All this is, of course, fine and dandy but blindly applying formulas is not needed in this simple case; just visualization!

  • For any fixed $x_0 \in [-1,1]$, the cross-section $f_{X,Y}(x_0, y)$ is a rectangle whose base extends from $y=-2$ to $y = +2$. Similarly, for any fixed $x_0 \in (1,2]$, the cross-section $f_{X,Y}(x_0, y)$ is a rectangle whose base extends fron $y=-1$ to $y=+1$. Hence,

For each $x_0 \in [-1,1]$, the conditional distribution of $Y$ given that $X = x_0$ is $U[-2,2]$.
For each $x_0 \in (1,2]$, the conditional distribution of $Y$ given that $X = x_0$ is $U[-1,1]$.

Note that we didn't really need to explicitly compute the value of $f_X(x_0)$ in order to determine the conditional density of $Y$.

The conditional mean of $Y$ given $X = x_0$ is trivial to obtain. We have

For each $x_0 \in [-1,2]$, $E[Y\mid X = x_0] = 0$.

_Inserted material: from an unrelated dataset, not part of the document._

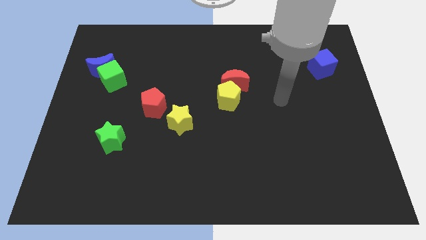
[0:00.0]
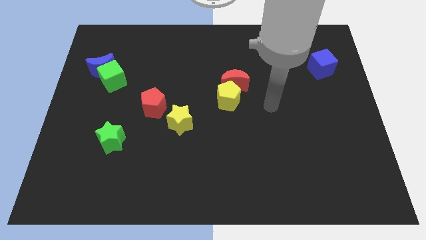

The conditional variance of $Y$ given $X=X_0$ is also easy to write down if one remembers the formula $(b-a)^2/12$ or, if not, since $E[Y \mid X = x_0] = 0$, it is easy to compute $\operatorname{var}(Y\mid X = x_0) = E[Y^2\mid X = x_0]$.

For each $x_0 \in [-1,1]$, $\displaystyle \operatorname{var}(Y\mid X = x_0) = \frac{4^2}{12} = \frac 43$.
For each $x_0 \in (1,2]$, $\displaystyle\operatorname{var}(Y\mid X = x_0) = \frac{2^2}{12} = \frac 13$.